> On Nov 7, 2022, at 4:55 PM, Chuck Lever III <chuck.lever@xxxxxxxxxx> wrote:
>
>> On Nov 7, 2022, at 5:48 AM, Jeff Layton <jlayton@xxxxxxxxxx> wrote:
>>
>> On Sun, 2022-11-06 at 14:02 -0500, trondmy@xxxxxxxxxx wrote:
>>> From: Trond Myklebust <trond.myklebust@xxxxxxxxxxxxxxx>
>>>
>>> vfs_lock_file() expects the struct file_lock to be fully initialised by
>>> the caller.
>
> As a reviewer, I don't see anything in the vfs_lock_file() kdoc
> comment that suggests this, and vfs_lock_file() itself is just
> a wrapper around each filesystem's f_ops->lock method. That
> expectation is a bit deeper into NFS-specific code. A few more
> observations below.
>
>
>>> Re-exported NFSv3 has been seen to Oops if the fl_file field
>>> is NULL.
>
> Needs a Link: to the bug report. Which I can add.
>
> This will also give us a call trace we can reference, so I won't
> add that here.
>
>
>>> Fixes: aec158242b87 ("lockd: set fl_owner when unlocking files")
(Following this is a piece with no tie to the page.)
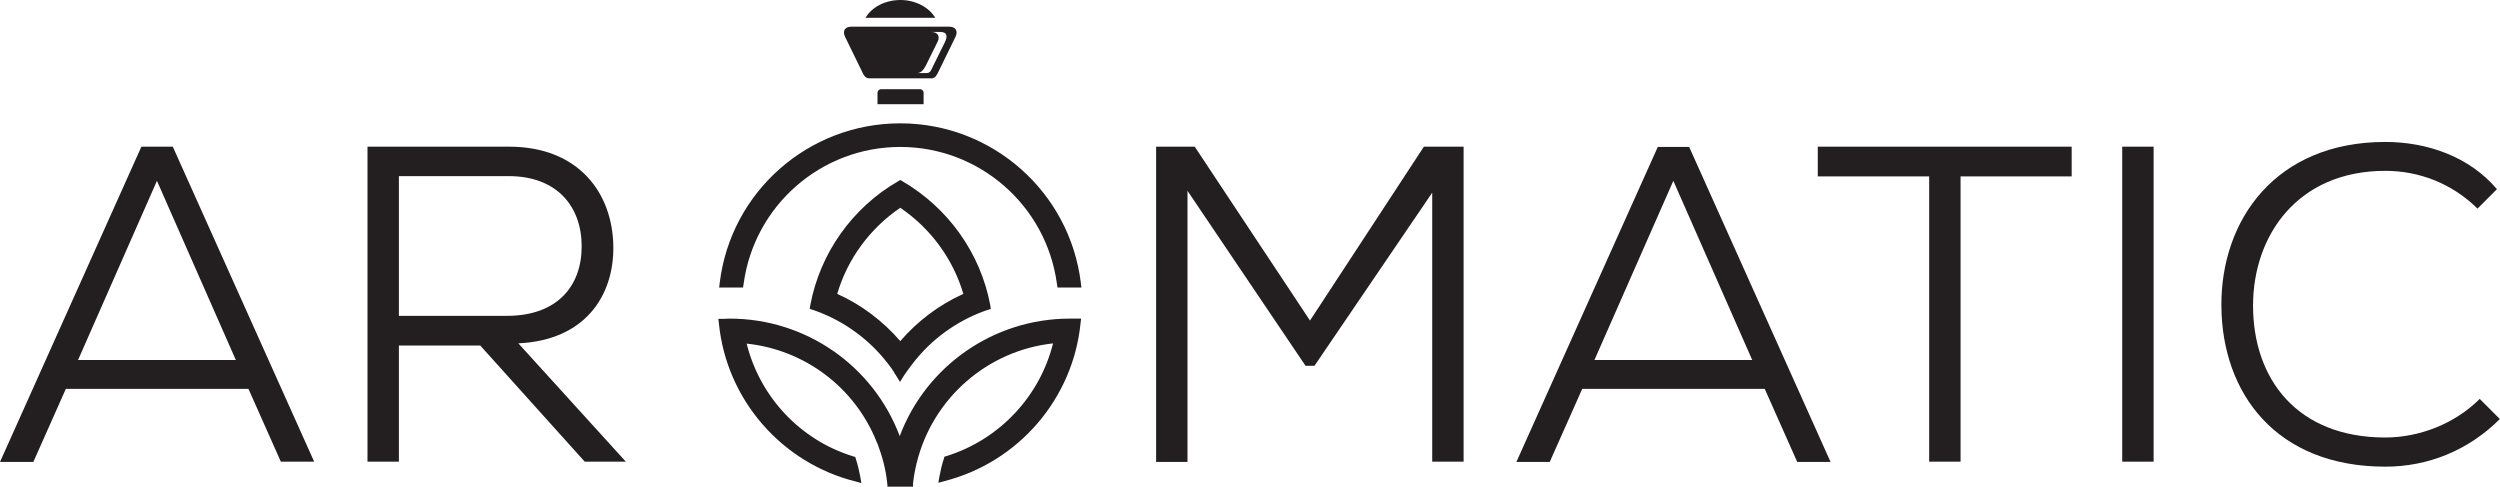<?xml version="1.0" encoding="UTF-8"?> <svg xmlns="http://www.w3.org/2000/svg" version="1.1" viewBox="0 0 90 17.53"><defs><style> .cls-1, .cls-2 { fill: #231f20; } .cls-2 { fill-rule: evenodd; } </style></defs><g><g id="Layer_1"><g><g><path class="cls-1" d="M8.95,14H2.37l-1.17,2.63H0L5.09,5.28h1.13l5.09,11.34h-1.2l-1.17-2.63ZM2.82,12.96h5.67l-2.84-6.45-2.84,6.45Z"></path><path class="cls-1" d="M22.52,16.62h-1.47l-3.76-4.18h-2.93v4.18h-1.13V5.28h5.09c2.53,0,3.74,1.69,3.76,3.6.02,1.77-1.02,3.37-3.42,3.48l3.87,4.26ZM14.36,6.35v5.02h3.89c1.81,0,2.69-1.07,2.69-2.5s-.88-2.53-2.63-2.53h-3.95Z"></path><path class="cls-1" d="M51.55,6.95l-4.23,6.22h-.32l-4.25-6.3v9.76h-1.13V5.28h1.39l4.15,6.26,4.1-6.26h1.43v11.34h-1.13V6.95Z"></path><path class="cls-1" d="M63.54,14h-6.58l-1.17,2.63h-1.2l5.09-11.34h1.13l5.09,11.34h-1.2l-1.17-2.63ZM57.41,12.96h5.67l-2.84-6.45-2.84,6.45Z"></path><path class="cls-1" d="M69.44,6.35h-4v-1.07h9.14v1.07h-4v10.27h-1.13V6.35Z"></path><path class="cls-1" d="M76.4,16.62V5.28h1.13v11.34h-1.13Z"></path><path class="cls-1" d="M90,15.08c-1.15,1.15-2.61,1.72-4.13,1.72-3.92,0-5.88-2.63-5.9-5.79-.02-3.1,1.96-5.9,5.9-5.9,1.51,0,3.03.53,4.02,1.7l-.7.7c-.92-.91-2.11-1.36-3.32-1.36-3.16,0-4.76,2.33-4.76,4.85,0,2.66,1.6,4.75,4.76,4.75,1.22,0,2.5-.49,3.4-1.39l.73.73Z"></path></g><g><g><path class="cls-2" d="M30.65.96h3.52c.25,0,.32.17.23.36l-.6,1.23c-.07.14-.12.27-.27.27h-2.24c-.15,0-.21-.14-.27-.27l-.6-1.23c-.09-.19-.02-.36.23-.36h0ZM33.52,1.15c.25,0,.33.17.23.36l-.42.85c-.07.13-.16.27-.31.27h.34c.15,0,.17-.14.24-.27l.42-.85c.09-.19.09-.36-.17-.36h-.34Z"></path><path class="cls-2" d="M32.41,0c.55,0,1.03.26,1.26.64h-2.51c.22-.38.7-.64,1.26-.64Z"></path><path class="cls-2" d="M31.71,3.21h1.41c.07,0,.13.06.13.13v.41h-1.66v-.41c0-.07.06-.13.13-.13Z"></path></g><path class="cls-2" d="M32.41,5.29c-2.85,0-5.26,2.11-5.64,4.93l-.02.13h-.86l.02-.17c.4-3.28,3.19-5.74,6.5-5.74s6.1,2.47,6.5,5.74l.02.17h-.86l-.02-.13c-.38-2.82-2.79-4.93-5.64-4.93h0ZM37.93,12.36c-2.38.25-4.36,1.98-4.93,4.31l-.04.17c-.04.18-.07.37-.09.55v.13s-.14,0-.14,0c-.11,0-.22,0-.33,0s-.21,0-.32,0h-.13s-.01-.13-.01-.13c-.05-.48-.17-.94-.34-1.39h0s-.04-.09-.04-.09c-.78-1.96-2.59-3.32-4.68-3.54.48,1.93,1.94,3.48,3.84,4.06l.07.02.02.07c.07.21.12.43.16.64l.04.23-.22-.06c-2.66-.67-4.64-2.95-4.91-5.69l-.02-.16h.16c.08,0,.16-.01.25-.01,2.74,0,5.17,1.7,6.12,4.23.95-2.53,3.39-4.23,6.12-4.23.08,0,.16,0,.25,0h.16s-.02.16-.02.16c-.27,2.73-2.24,5.01-4.9,5.69l-.22.06.04-.23c.04-.22.09-.43.16-.64l.02-.07.07-.02c1.9-.59,3.36-2.14,3.84-4.06h0ZM35.51,11.17s.03,0,.04-.01l.12-.04-.02-.13c-.35-1.88-1.52-3.51-3.17-4.47l-.07-.04-.07.04c-1.65.95-2.82,2.59-3.17,4.47l-.02.13.12.04s.02,0,.03.01l.09.03c1.01.37,1.9,1.02,2.56,1.87.05.07.1.13.15.2l.02.02v.02s.07.09.07.09h0s0,.02,0,.02l.05.07.16.26.15-.24.04-.06.03-.04.05-.07.05-.07c.05-.07.1-.13.15-.2.66-.85,1.55-1.5,2.56-1.87l.08-.03h0ZM32.41,7.48c-1.09.74-1.9,1.84-2.27,3.1.87.39,1.65.98,2.27,1.7.62-.72,1.4-1.31,2.27-1.7-.37-1.26-1.18-2.36-2.27-3.1Z"></path></g></g></g></g></svg>

>>> Signed-off-by: Trond Myklebust <trond.myklebust@xxxxxxxxxxxxxxx>
>>> ---
>>> fs/lockd/svcsubs.c | 17 ++++++++++-------
>>> 1 file changed, 10 insertions(+), 7 deletions(-)
>>>
>>> diff --git a/fs/lockd/svcsubs.c b/fs/lockd/svcsubs.c
>>> index e1c4617de771..3515f17eaf3f 100644
>>> --- a/fs/lockd/svcsubs.c
>>> +++ b/fs/lockd/svcsubs.c
>>> @@ -176,7 +176,7 @@ nlm_delete_file(struct nlm_file *file)
>>> }
>>> }
>>>
>>> -static int nlm_unlock_files(struct nlm_file *file, fl_owner_t owner)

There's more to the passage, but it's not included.